Dataset records
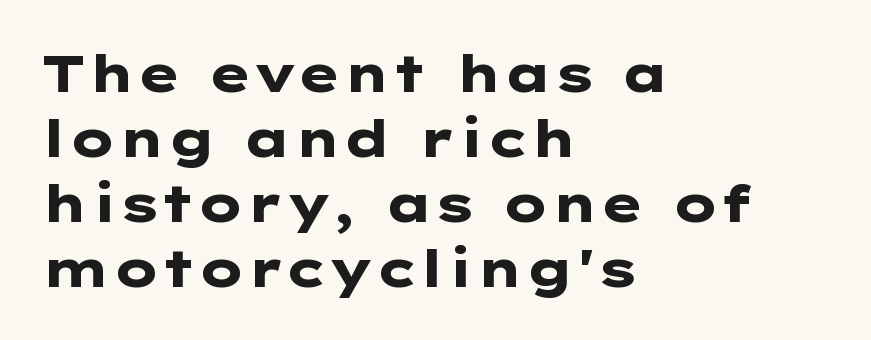
Q: Is the text bold? A: Yes.
Q: Is the text italic (slanted)? A: No, it is upright.
Q: Is the typeface a serif or a sans-serif typeface? A: Sans-serif.
Q: Is the text underlined? A: No.
Q: How is the paragraph aligned? A: Left-aligned.
Q: Is the spacing between letters normal or unusually wide? A: Normal.
Q: Is the spacing between lines tight, normal or loose? A: Normal.
Q: Width (condensed, normal, or wide)? A: Wide.
Q: Stroke contrast? A: Low.
Q: x-height? A: Medium.
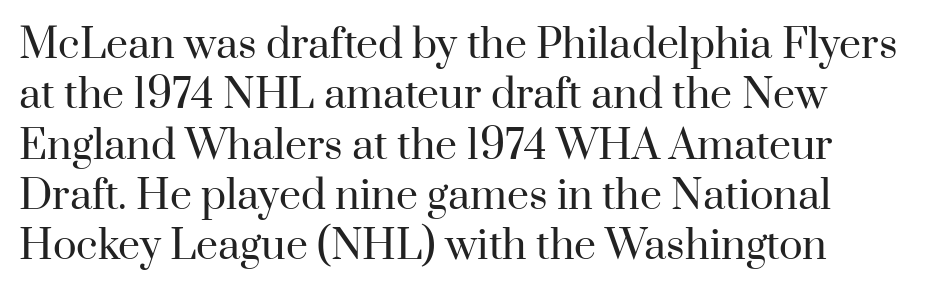
The image shows 39 px regular-weight serif type, upright; set normal line spacing (1.29x), normal letter spacing, not underlined; high stroke contrast and a small x-height.
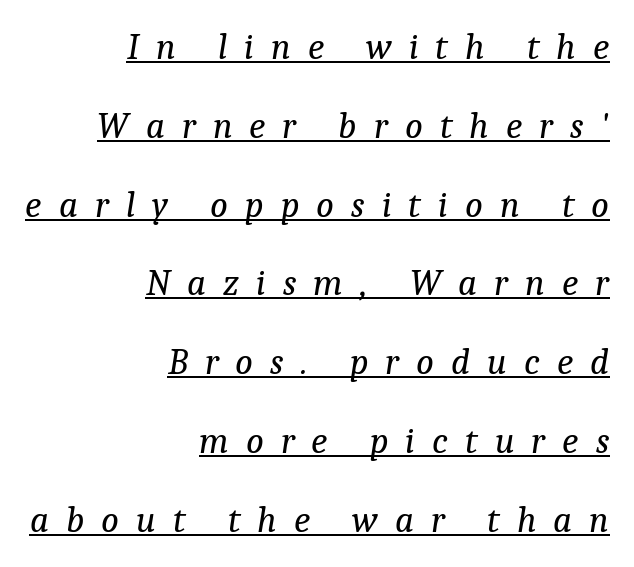
Q: Is the text bold? A: No.
Q: Is the text italic (slanted)? A: Yes, it leans right by about 9 degrees.
Q: Is the typeface a serif or a sans-serif typeface? A: Serif.
Q: Is the text underlined? A: Yes.
Q: How is the paragraph aligned? A: Right-aligned.
Q: Is the spacing between letters normal or unusually wide? A: Unusually wide.
Q: Is the spacing between lines tight, normal or loose? A: Loose.
Q: Width (condensed, normal, or wide)? A: Normal.
Q: Stroke contrast? A: Low.
Q: x-height? A: Medium.
Q: Monospaced? A: No.
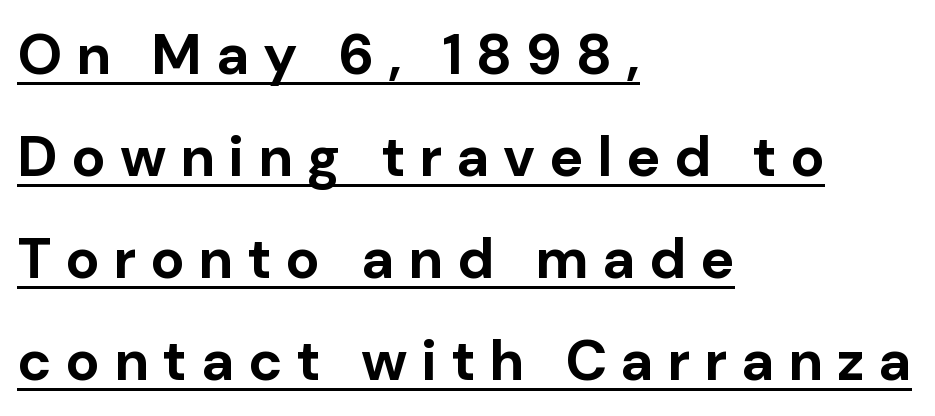
Q: Is the text bold? A: Yes.
Q: Is the text italic (slanted)? A: No, it is upright.
Q: Is the typeface a serif or a sans-serif typeface? A: Sans-serif.
Q: Is the text underlined? A: Yes.
Q: How is the paragraph aligned? A: Left-aligned.
Q: Is the spacing between letters normal or unusually wide? A: Unusually wide.
Q: Width (condensed, normal, or wide)? A: Normal.
Q: Stroke contrast? A: Low.
Q: x-height? A: Medium.
Q: Monospaced? A: No.
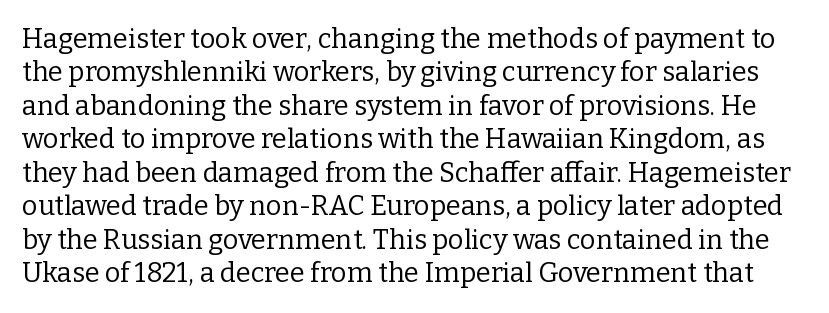
Upright lettering throughout. Default kerning and tracking; the words read as compact shapes. Descenders are the only things crossing below the line. No chunkiness to these letters — they're not bold.
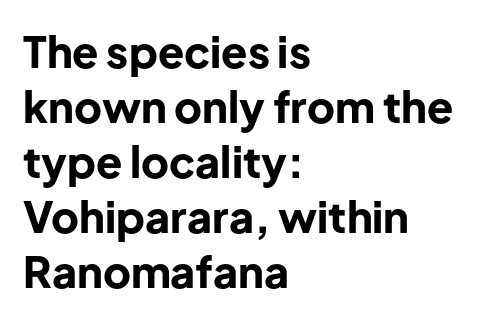
Q: Is the text bold? A: Yes.
Q: Is the text italic (slanted)? A: No, it is upright.
Q: Is the typeface a serif or a sans-serif typeface? A: Sans-serif.
Q: Is the text underlined? A: No.
Q: How is the paragraph aligned? A: Left-aligned.
Q: Is the spacing between letters normal or unusually wide? A: Normal.
Q: Is the spacing between lines tight, normal or loose? A: Normal.
Q: Width (condensed, normal, or wide)? A: Normal.
Q: Stroke contrast? A: Low.
Q: x-height? A: Medium.
Q: Monospaced? A: No.
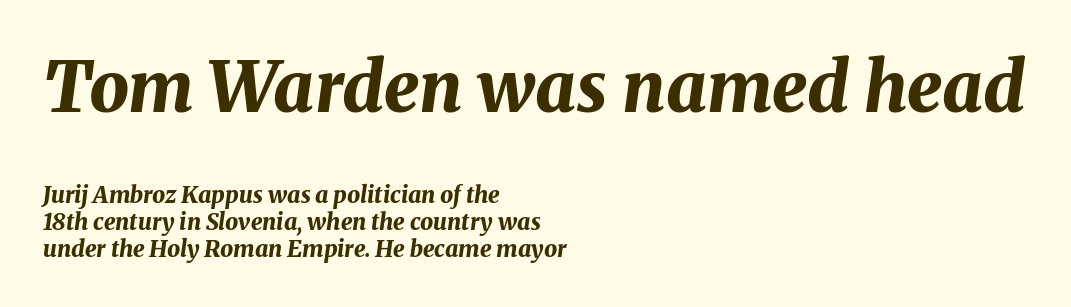
The gaps between neighbouring characters are ordinary and unremarkable. Is this a fixed-width face? No — the glyphs have proportional, varying widths. You'd pick this weight for a headline — it's a proper bold. In terms of posture, this sample is oblique.
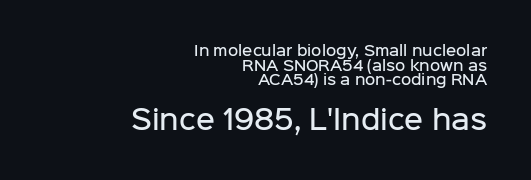
The image shows 26 px text type, upright; set right-aligned, tight line spacing (1.04x), normal letter spacing, not underlined; the second (bottom) block is 1.86x larger.
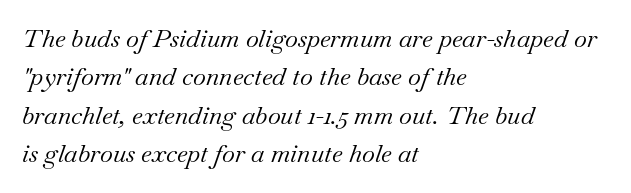
The image shows 25 px text type, italic (leaning right); set left-aligned, normal line spacing (1.54x), normal letter spacing, not underlined.
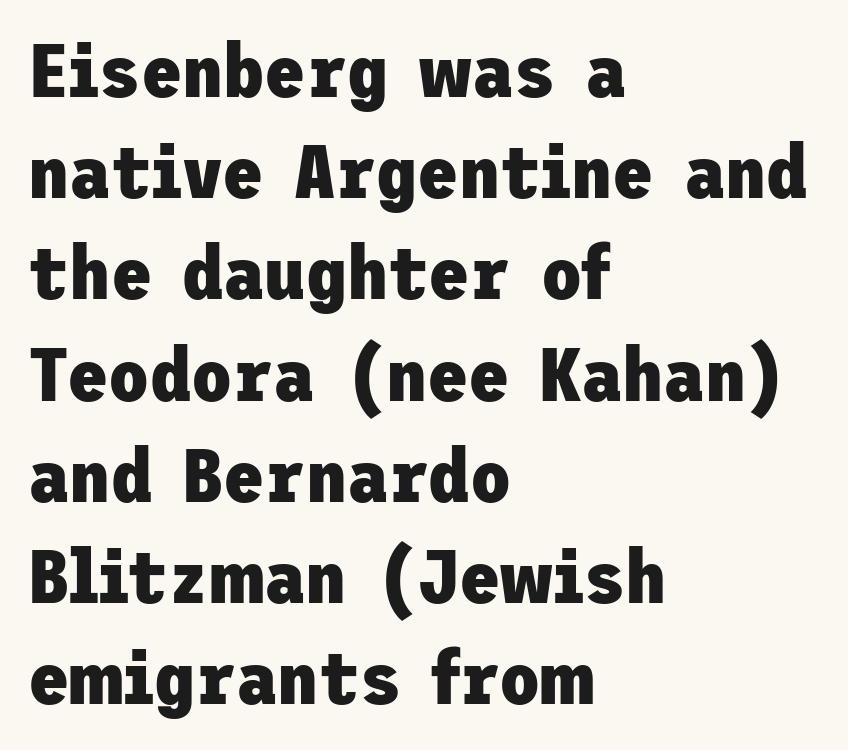
Q: Is the text bold? A: Yes.
Q: Is the text italic (slanted)? A: No, it is upright.
Q: Is the typeface a serif or a sans-serif typeface? A: Sans-serif.
Q: Is the text underlined? A: No.
Q: How is the paragraph aligned? A: Left-aligned.
Q: Is the spacing between letters normal or unusually wide? A: Normal.
Q: Is the spacing between lines tight, normal or loose? A: Normal.
Q: Width (condensed, normal, or wide)? A: Normal.
Q: Stroke contrast? A: Low.
Q: x-height? A: Medium.
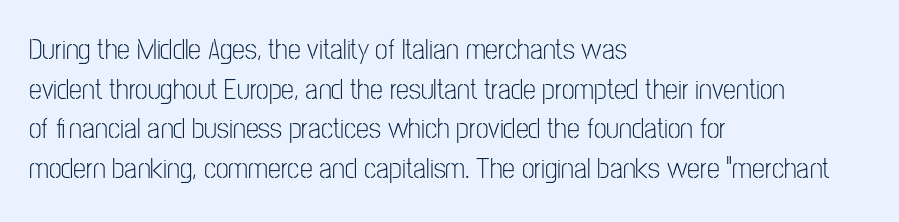
The image shows 29 px light, condensed sans-serif type, upright; set left-aligned, normal line spacing (1.37x), normal letter spacing, not underlined; low stroke contrast and a medium x-height.

### Assigned task
Could you repeat the entries word for word, skipping the pictures they contain?

### Worked solution
Q: Is the text bold? A: Yes.
Q: Is the text italic (slanted)? A: No, it is upright.
Q: Is the typeface a serif or a sans-serif typeface? A: Sans-serif.
Q: Is the text underlined? A: No.
Q: How is the paragraph aligned? A: Left-aligned.
Q: Is the spacing between letters normal or unusually wide? A: Normal.
Q: Is the spacing between lines tight, normal or loose? A: Normal.
Q: Width (condensed, normal, or wide)? A: Wide.
Q: Stroke contrast? A: Low.
Q: x-height? A: Medium.
The image shows 39 px regular-weight serif type, upright; set normal line spacing (1.29x), normal letter spacing, not underlined; high stroke contrast and a small x-height.
Q: Is the text bold? A: No.
Q: Is the text italic (slanted)? A: Yes, it leans right by about 9 degrees.
Q: Is the typeface a serif or a sans-serif typeface? A: Serif.
Q: Is the text underlined? A: Yes.
Q: How is the paragraph aligned? A: Right-aligned.
Q: Is the spacing between letters normal or unusually wide? A: Unusually wide.
Q: Is the spacing between lines tight, normal or loose? A: Loose.
Q: Width (condensed, normal, or wide)? A: Normal.
Q: Stroke contrast? A: Low.
Q: x-height? A: Medium.
Q: Monospaced? A: No.
Q: Is the text bold? A: Yes.
Q: Is the text italic (slanted)? A: No, it is upright.
Q: Is the typeface a serif or a sans-serif typeface? A: Sans-serif.
Q: Is the text underlined? A: Yes.
Q: How is the paragraph aligned? A: Left-aligned.
Q: Is the spacing between letters normal or unusually wide? A: Unusually wide.
Q: Width (condensed, normal, or wide)? A: Normal.
Q: Stroke contrast? A: Low.
Q: x-height? A: Medium.
Q: Monospaced? A: No.
Upright lettering throughout. Default kerning and tracking; the words read as compact shapes. Descenders are the only things crossing below the line. No chunkiness to these letters — they're not bold.
Q: Is the text bold? A: Yes.
Q: Is the text italic (slanted)? A: No, it is upright.
Q: Is the typeface a serif or a sans-serif typeface? A: Sans-serif.
Q: Is the text underlined? A: No.
Q: How is the paragraph aligned? A: Left-aligned.
Q: Is the spacing between letters normal or unusually wide? A: Normal.
Q: Is the spacing between lines tight, normal or loose? A: Normal.
Q: Width (condensed, normal, or wide)? A: Normal.
Q: Stroke contrast? A: Low.
Q: x-height? A: Medium.
Q: Monospaced? A: No.
The gaps between neighbouring characters are ordinary and unremarkable. Is this a fixed-width face? No — the glyphs have proportional, varying widths. You'd pick this weight for a headline — it's a proper bold. In terms of posture, this sample is oblique.
The image shows 26 px text type, upright; set right-aligned, tight line spacing (1.04x), normal letter spacing, not underlined; the second (bottom) block is 1.86x larger.
The image shows 25 px text type, italic (leaning right); set left-aligned, normal line spacing (1.54x), normal letter spacing, not underlined.
Q: Is the text bold? A: Yes.
Q: Is the text italic (slanted)? A: No, it is upright.
Q: Is the typeface a serif or a sans-serif typeface? A: Sans-serif.
Q: Is the text underlined? A: No.
Q: How is the paragraph aligned? A: Left-aligned.
Q: Is the spacing between letters normal or unusually wide? A: Normal.
Q: Is the spacing between lines tight, normal or loose? A: Normal.
Q: Width (condensed, normal, or wide)? A: Normal.
Q: Stroke contrast? A: Low.
Q: x-height? A: Medium.
The image shows 29 px light, condensed sans-serif type, upright; set left-aligned, normal line spacing (1.37x), normal letter spacing, not underlined; low stroke contrast and a medium x-height.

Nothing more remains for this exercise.